Application of Principles of Morality via Cultural Standards….

21 Oct

When I was in college (so long ago) I took a class on Christian Ethics, and I have decided to reread (or read for the first time, depending on your definition of “read”) the book.  The first theory of ethics gone over is that of ethical relativism.  The author explains subjective ethical relativism and how absurd that ends up being, and then he then explains conventional ethical relativism and how that applies to the culture(s) that one may or may not belong to.

Now I’m writing this blog not so much to inform those who may be reading, because I’m not that learned when it comes to ethics and philosophy, even though I really enjoy the subjects.  Instead, I’m more or less using this as a bouncing off tool, a way to see if I understand what is being said by the author.

Conventional ethical relativism  says that the morals and values that the members of a culture hold are specific and relative to that culture, and that each individual culture makes up their own morals and sets of rules that the members hold.  These values must be made valid by the culture, and that the members of the culture who do not follow those rules that are generally accepted by the majority are morally wrong.  That would make Gandhi and Martin Luther King Jr. morally wrong people because they stood against the tide of the mass moral system and said that the then current rules were unjust.  Our own reasoning usually tells us the opposite:  that those who stand against the popular morals and stand for change of the system are heroic and revolutionary, while at the time, the majority think they are evil and immoral (sometimes not giving them any voice).

Now for the morality to be made valid, society has to accept the morality and the actions that one carries out must coincide with the thoughts of the majority on whatever subject it may be.  One problem with this is that the terms society and culture are very difficult to define.  Subcultures who view themselves as majorities are able to define their own morality within the greater part of an overall society if these two terms are vague (which they almost always are), while the majority is able to view the subculture as immoral because they do not hold those same values.  But that even gets hairy as conventionalism says that each culture, however that may be defined, chooses its own morals, and that those morals, whether they clash with our or not, cannot be judged by us.

So the moral dependency upon acceptance seems very difficult for me to understand.  There are two dependency theories that are gone over in the book:  weak dependency and strong dependency.  Weak dependency says that the application of the principles (how the values are carried out) depends on the culture, while the strong dependency says that the principles themselves are subject to the cultural acceptance.
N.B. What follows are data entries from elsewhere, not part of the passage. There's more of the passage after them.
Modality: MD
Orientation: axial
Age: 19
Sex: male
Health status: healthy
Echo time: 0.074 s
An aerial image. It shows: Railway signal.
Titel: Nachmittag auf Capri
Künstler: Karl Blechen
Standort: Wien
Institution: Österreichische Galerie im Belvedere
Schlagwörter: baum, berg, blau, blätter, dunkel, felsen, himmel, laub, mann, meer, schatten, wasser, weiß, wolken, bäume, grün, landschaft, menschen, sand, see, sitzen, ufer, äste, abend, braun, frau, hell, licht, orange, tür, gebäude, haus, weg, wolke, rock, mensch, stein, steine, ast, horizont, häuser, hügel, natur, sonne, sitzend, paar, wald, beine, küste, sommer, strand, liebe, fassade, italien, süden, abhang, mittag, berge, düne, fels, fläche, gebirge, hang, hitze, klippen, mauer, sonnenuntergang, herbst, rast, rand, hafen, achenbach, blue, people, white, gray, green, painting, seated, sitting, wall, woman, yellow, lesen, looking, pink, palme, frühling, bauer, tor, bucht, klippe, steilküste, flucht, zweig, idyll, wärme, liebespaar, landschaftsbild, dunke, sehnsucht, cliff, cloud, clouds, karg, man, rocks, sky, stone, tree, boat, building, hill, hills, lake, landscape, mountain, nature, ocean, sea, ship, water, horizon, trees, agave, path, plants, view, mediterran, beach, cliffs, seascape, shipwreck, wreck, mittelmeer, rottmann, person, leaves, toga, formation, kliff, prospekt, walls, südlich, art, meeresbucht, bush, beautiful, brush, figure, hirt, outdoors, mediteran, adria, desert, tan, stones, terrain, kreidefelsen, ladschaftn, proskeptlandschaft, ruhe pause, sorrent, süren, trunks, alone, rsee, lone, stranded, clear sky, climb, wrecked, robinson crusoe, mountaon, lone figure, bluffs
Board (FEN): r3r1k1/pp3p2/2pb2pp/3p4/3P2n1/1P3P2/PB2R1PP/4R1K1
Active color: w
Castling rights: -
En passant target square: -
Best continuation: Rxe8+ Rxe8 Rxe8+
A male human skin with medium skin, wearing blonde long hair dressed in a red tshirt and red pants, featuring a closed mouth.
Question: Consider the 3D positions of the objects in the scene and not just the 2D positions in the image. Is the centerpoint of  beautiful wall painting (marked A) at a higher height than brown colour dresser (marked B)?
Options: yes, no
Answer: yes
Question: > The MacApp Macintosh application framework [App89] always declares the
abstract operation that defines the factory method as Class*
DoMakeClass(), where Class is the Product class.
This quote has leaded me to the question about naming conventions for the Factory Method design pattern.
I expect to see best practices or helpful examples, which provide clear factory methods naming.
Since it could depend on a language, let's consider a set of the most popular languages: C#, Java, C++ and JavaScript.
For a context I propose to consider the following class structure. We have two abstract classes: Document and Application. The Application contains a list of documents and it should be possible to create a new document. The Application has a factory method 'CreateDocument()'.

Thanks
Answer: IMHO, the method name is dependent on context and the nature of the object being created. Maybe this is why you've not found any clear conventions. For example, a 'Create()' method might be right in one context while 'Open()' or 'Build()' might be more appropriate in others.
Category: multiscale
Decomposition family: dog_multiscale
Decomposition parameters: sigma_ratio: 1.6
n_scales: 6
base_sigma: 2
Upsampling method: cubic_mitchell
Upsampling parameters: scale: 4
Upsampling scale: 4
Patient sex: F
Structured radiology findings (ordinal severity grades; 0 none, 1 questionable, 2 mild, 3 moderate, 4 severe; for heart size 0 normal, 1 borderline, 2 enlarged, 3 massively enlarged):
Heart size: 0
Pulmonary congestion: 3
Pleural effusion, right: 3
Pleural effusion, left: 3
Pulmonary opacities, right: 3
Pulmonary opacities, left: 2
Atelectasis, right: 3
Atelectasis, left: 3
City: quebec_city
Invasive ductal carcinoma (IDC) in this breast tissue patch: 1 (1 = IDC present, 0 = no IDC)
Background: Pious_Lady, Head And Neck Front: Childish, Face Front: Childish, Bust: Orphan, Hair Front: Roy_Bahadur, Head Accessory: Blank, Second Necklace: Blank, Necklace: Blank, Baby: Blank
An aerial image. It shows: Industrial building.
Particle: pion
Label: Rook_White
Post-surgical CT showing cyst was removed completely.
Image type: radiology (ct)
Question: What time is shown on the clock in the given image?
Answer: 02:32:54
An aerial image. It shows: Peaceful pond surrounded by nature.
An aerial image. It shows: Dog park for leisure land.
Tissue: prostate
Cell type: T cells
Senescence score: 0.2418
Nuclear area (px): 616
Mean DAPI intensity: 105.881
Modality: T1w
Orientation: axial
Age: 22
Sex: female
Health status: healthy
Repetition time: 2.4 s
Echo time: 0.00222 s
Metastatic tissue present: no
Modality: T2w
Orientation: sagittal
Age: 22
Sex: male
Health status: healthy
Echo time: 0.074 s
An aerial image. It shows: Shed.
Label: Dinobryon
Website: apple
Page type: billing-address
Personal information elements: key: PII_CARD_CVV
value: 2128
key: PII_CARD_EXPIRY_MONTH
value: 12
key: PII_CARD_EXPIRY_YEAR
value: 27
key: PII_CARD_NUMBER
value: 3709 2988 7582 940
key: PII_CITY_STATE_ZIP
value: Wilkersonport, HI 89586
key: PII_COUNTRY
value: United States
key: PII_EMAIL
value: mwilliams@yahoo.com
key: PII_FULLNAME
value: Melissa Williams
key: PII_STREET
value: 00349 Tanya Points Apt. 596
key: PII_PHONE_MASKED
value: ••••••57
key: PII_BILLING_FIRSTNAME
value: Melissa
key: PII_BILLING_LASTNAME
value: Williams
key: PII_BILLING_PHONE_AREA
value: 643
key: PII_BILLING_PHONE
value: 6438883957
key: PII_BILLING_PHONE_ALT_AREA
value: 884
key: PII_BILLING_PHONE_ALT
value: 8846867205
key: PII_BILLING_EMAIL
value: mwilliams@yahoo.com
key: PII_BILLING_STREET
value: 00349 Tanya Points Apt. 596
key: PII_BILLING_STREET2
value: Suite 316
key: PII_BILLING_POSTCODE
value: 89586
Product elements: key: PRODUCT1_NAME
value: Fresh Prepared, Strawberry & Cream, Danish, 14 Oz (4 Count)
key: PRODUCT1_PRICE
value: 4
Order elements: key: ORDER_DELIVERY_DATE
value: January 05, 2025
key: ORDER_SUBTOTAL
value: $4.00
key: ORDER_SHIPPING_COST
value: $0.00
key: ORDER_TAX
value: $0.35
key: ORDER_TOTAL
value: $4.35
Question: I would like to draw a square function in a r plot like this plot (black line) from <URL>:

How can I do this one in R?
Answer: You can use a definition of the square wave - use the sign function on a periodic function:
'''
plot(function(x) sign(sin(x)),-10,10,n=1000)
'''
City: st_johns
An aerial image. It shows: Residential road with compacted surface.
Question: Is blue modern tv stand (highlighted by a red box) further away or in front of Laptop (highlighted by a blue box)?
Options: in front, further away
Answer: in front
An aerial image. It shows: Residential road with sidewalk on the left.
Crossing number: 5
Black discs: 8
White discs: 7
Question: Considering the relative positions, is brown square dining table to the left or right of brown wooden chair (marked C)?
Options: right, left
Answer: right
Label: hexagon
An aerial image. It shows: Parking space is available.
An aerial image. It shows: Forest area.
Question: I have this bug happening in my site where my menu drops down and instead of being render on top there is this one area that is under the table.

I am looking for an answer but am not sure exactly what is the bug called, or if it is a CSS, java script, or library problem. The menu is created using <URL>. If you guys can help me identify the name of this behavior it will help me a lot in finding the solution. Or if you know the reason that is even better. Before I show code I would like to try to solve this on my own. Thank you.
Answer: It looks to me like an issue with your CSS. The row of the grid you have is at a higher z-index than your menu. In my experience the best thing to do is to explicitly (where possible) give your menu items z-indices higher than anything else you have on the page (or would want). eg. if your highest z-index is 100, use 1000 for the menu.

The Weak Dependency theory seems easy enough:  the values that cultures have may actually be more universal than previously thought upon closer inspection, but the application of those values, or how the values are played out through the cultures actions, are dependent on that society.  So values such as value of property or the views on human life may be shared “across the pond” as it were, but the actions based on those same values may differ dramatically.  The value of human life may take the form of abortion in one country, euthanasia of the elderly in another, or going the Spartan route, leaving deformed babies to the wild.  The same thoughts may be running through the minds of people across the cultures, that to value human life I need to do ________, but what blank may be is defined culturally.

Weak dependency really doesn’t show relativism, if the values are the same, but the actions are different, because the values that lead to the actions are not defined from within the culture, as, “according to relativists” they would define those values within the culture without outside influence.  Strong dependency, on the other hand, is that those values or principles are what is defined by the culture, and these are not made by outside influence such as God or human reason, but are principles that are valued by each individual culture.

Now, I’m sure that I botched something somewhere…so if anyone reads this and find any errors in this review of ethical relativism, please let me know!